How to leave Kathmandu?
Mixed Feelings...
03.03.2008
15 °C
Moving on often brings me to think how things change when I am about to leave a place, or rather people. It's the emotional build up, departing ways, time to leave and never see again. Maybe its not so much the people, but the environment, the feeling. If you have ever enjoyed yourself with a group of people for a period of time, and then over stayed, then you will know what I mean. It becomes a disappointment. You struggle as a single person or as a group to keep the continuity of new experiences running. It never works. Instead we move up a level and people start to look else where for new interests. This can happen as a whole or as a single person. I am at that borderline.
None of this is was helped by Yeve's computer, or rather Yeve himself being thrown into another wall of depression. I was cornered again this morning. He had found a folder I had created to put Stephi's photos on, so naturally he suspected me for putting a virus on board. But hey, it was a different virus and we were not the only people to use the PC that month. Still the constant feeling I was getting was . . . time up, time to go.
The internet in Thamel was poor, as was the timetable for electricity. I wanted to finish up some last minute checks online. It was hard to believe I had spent so much time here. My old German friend was right, Kathmandu is quite a place. It holds the rare ability to be a sanctuary for a forighner and a place to break out into the street life of one of the poorest countries in the world.
As people know me on the street now, I walk largely un-hassled. I leave the touts to grab at the wide eyed newcomers. I nod greetings to the street dealers that know I do not buy. The cargo agency boss calls to see if there is any news on a possible European partnership with Melissa.
Even the Guest house is changing, filling up with strangers, new tourists; oblivious to the long term guests. Even we the remaining longterm residents stare at each other, each day getting quieter than the previous. Time's up. One by one we depart. Dante, The Kathy back to her Monastery, Paulo to India, and now me. Stephi and Anna will be alone soon, maybe for the better.
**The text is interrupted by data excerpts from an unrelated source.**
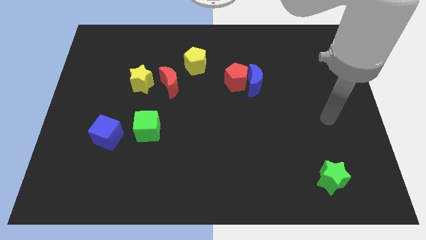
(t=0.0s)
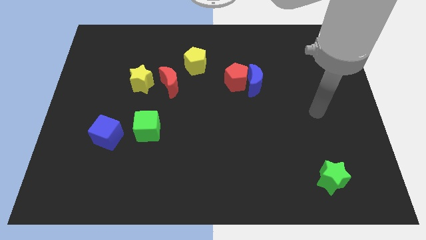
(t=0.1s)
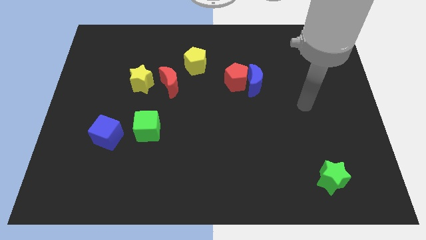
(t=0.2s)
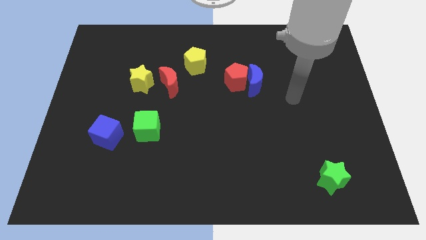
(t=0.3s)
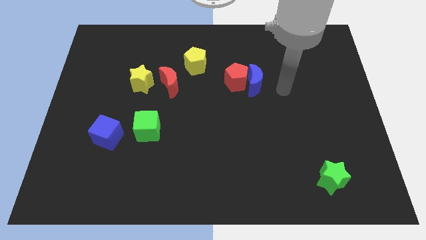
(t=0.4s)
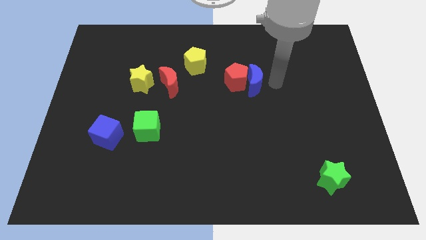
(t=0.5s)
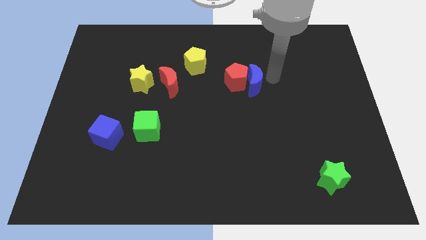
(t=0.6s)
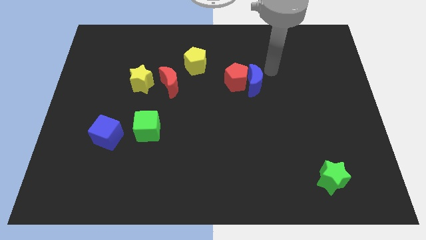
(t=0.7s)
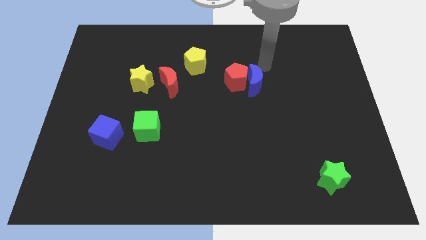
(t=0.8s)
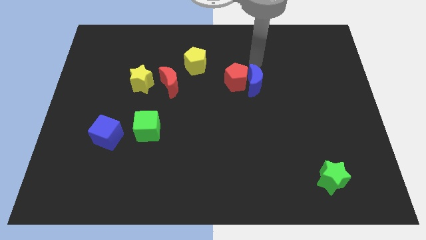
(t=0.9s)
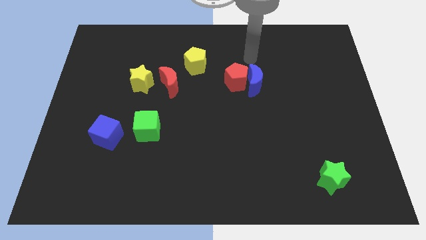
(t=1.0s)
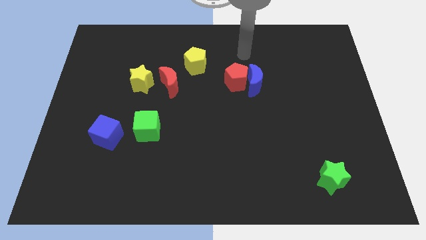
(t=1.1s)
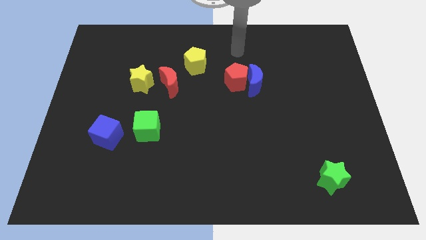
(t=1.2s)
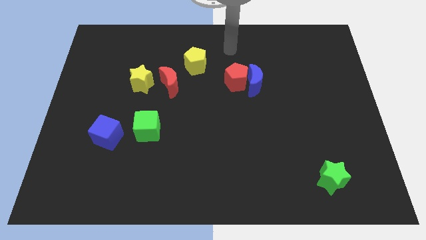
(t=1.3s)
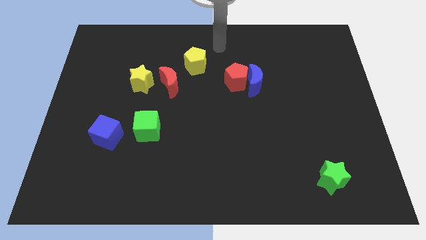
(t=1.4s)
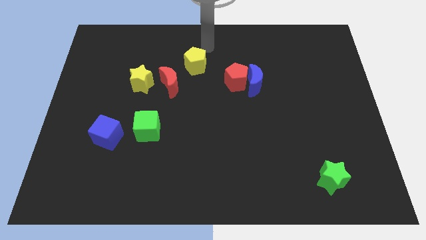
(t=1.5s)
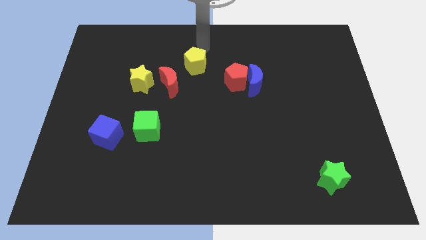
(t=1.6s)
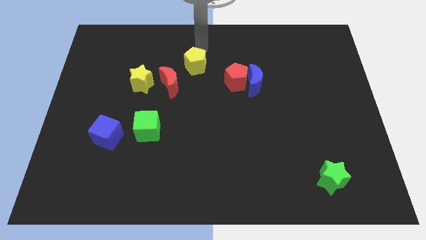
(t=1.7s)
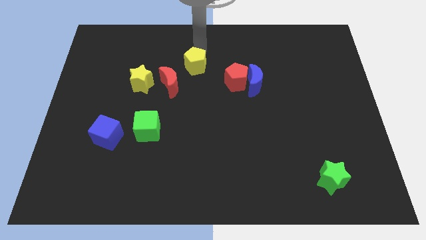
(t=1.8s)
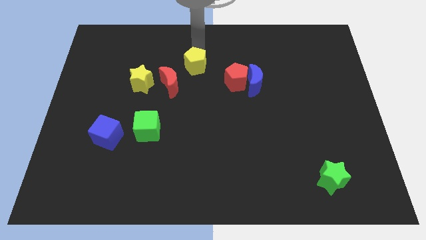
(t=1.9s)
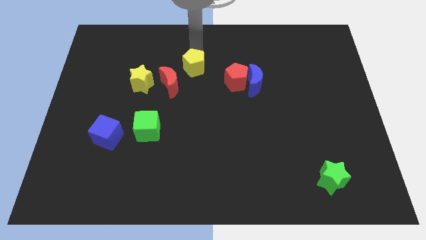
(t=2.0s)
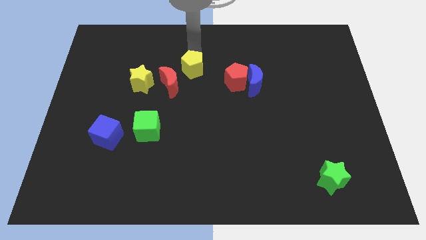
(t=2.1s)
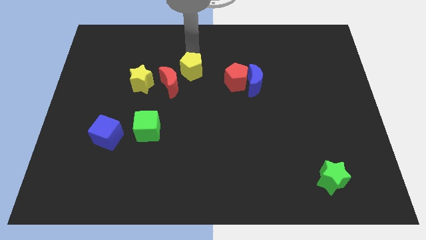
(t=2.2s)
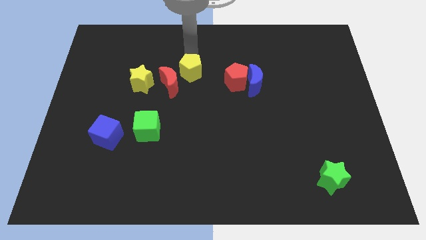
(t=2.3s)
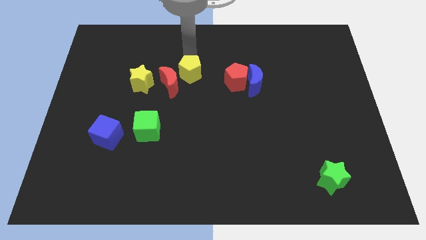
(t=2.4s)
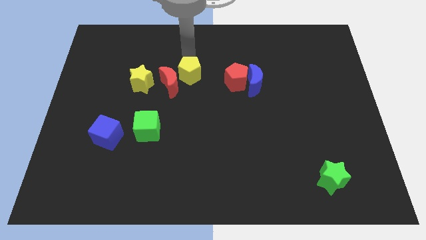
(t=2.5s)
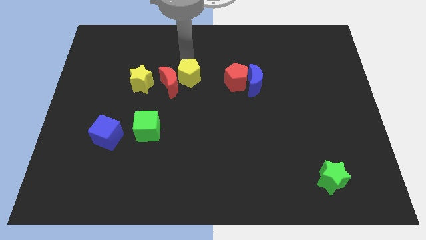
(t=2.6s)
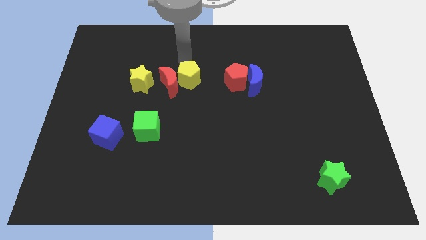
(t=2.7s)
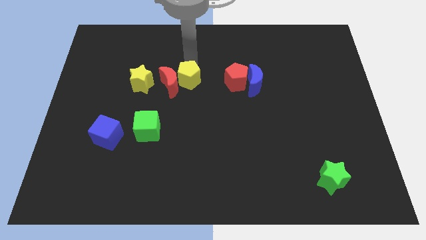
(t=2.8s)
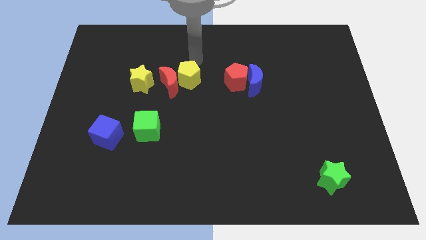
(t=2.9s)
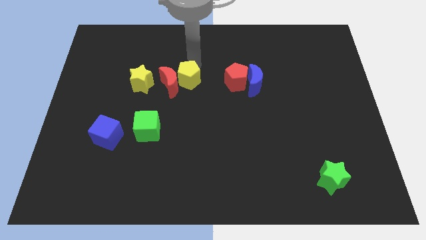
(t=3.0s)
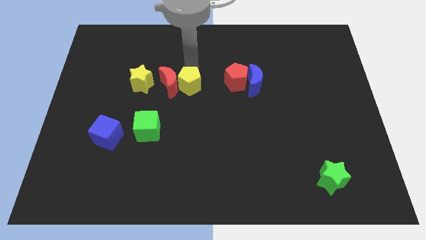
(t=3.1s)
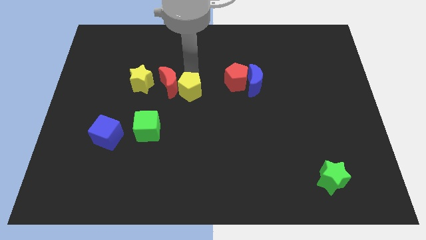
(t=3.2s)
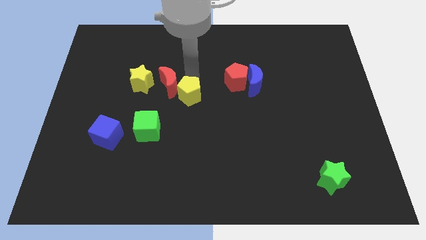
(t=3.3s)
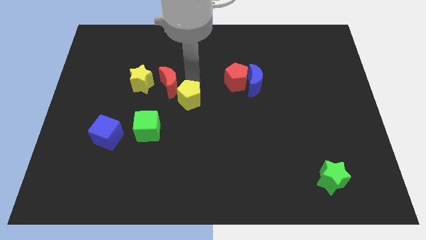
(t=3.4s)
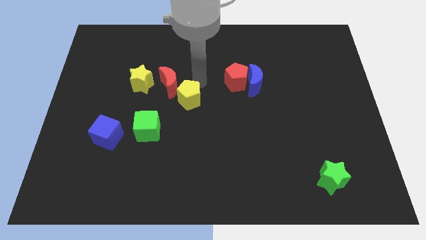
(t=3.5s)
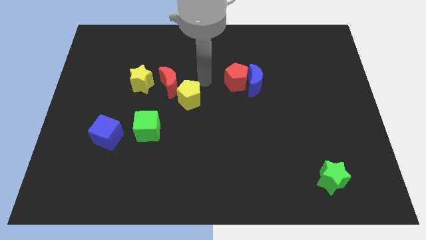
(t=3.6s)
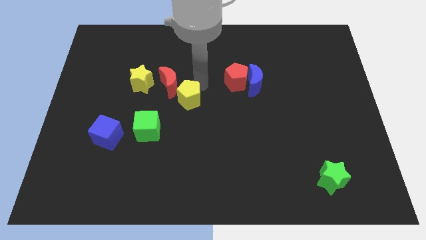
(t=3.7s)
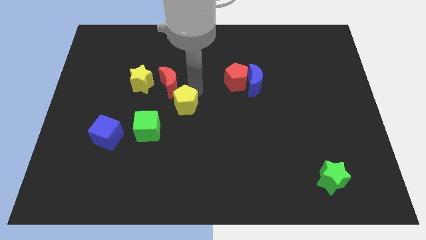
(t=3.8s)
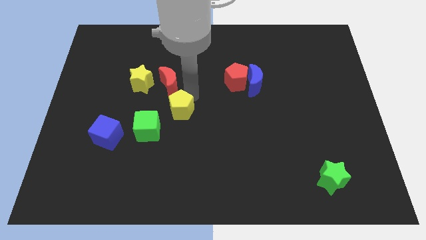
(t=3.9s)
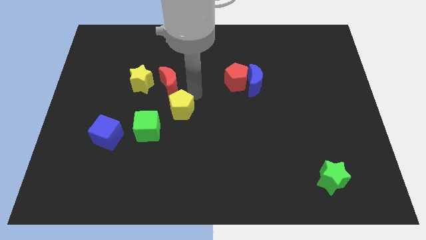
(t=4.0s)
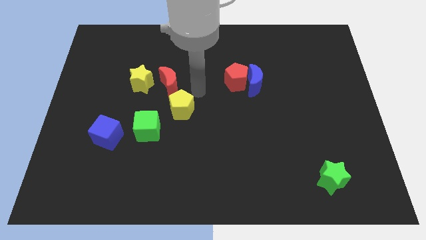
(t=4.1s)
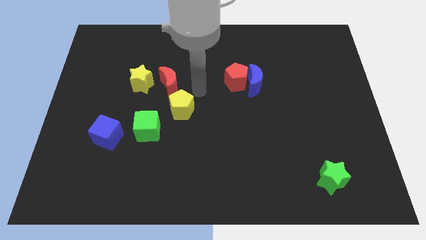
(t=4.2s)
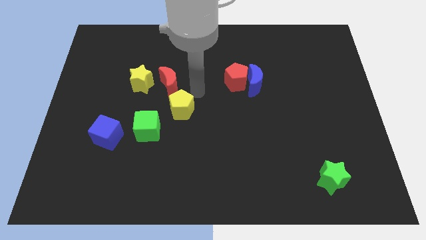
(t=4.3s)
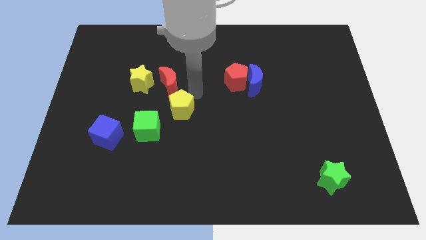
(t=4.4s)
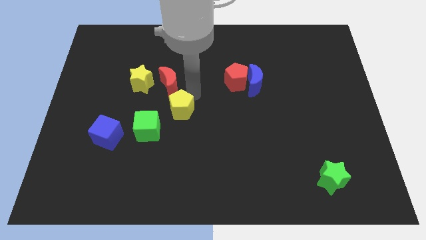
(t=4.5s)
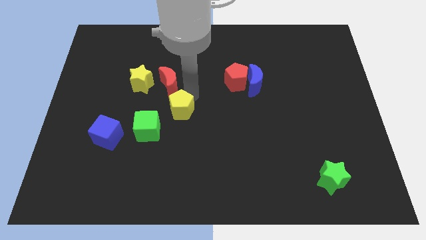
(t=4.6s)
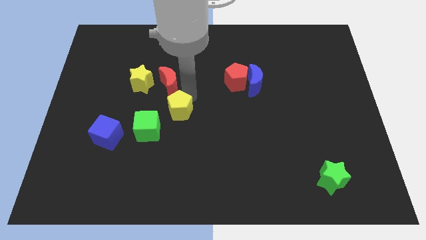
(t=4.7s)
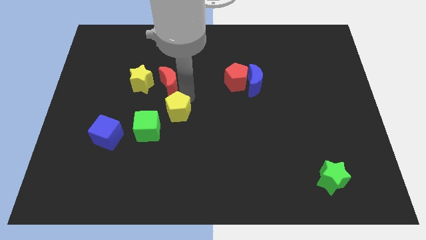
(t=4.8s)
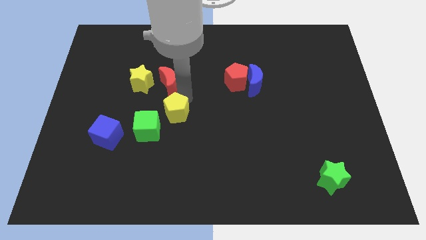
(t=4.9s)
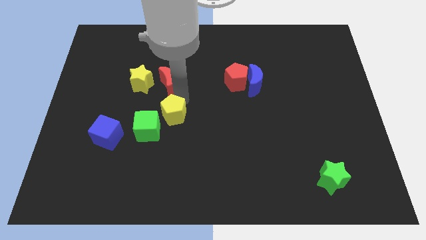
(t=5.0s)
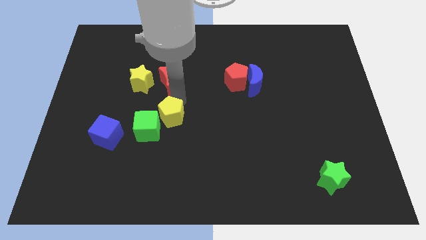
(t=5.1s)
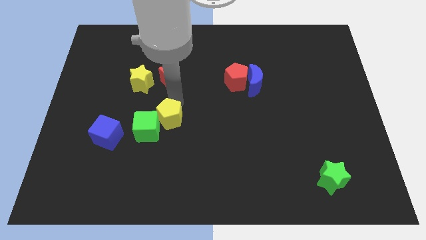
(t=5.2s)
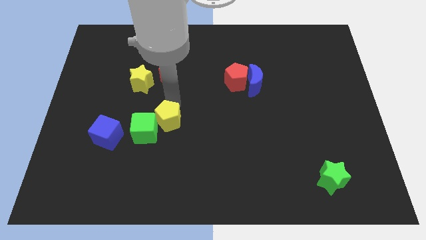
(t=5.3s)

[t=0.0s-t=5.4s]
move the yellow pentagon to the right side of the blue cube

Of course my final goodbye night happened to coincide with Sheeva's birthday, the hashish smoking Hindu God. A trip to the sacred temples of Pashupatinath, a naked dancing Sadu priest and 50,000 semi stoned people started the day. On a day when the already rampant hash smoking scene was actually deemed legal, even the street kids held us up for ransom. That night we feasted on Sangita's Goat's cheese salad, the Stephi inspired tart au flet, finishing off with Madu's Ladu cakes. The latter seeming to be rocket balls of danger.
My actual final night was a lot more subdued the next evening. We went to the local Italian restaurant for a quite dinner. Too many hang overs for that many smiles. Then back to the guest house for an emotional hug to all the people I had shared my 7 weeks with. One last look and a "bye guys" and that was it.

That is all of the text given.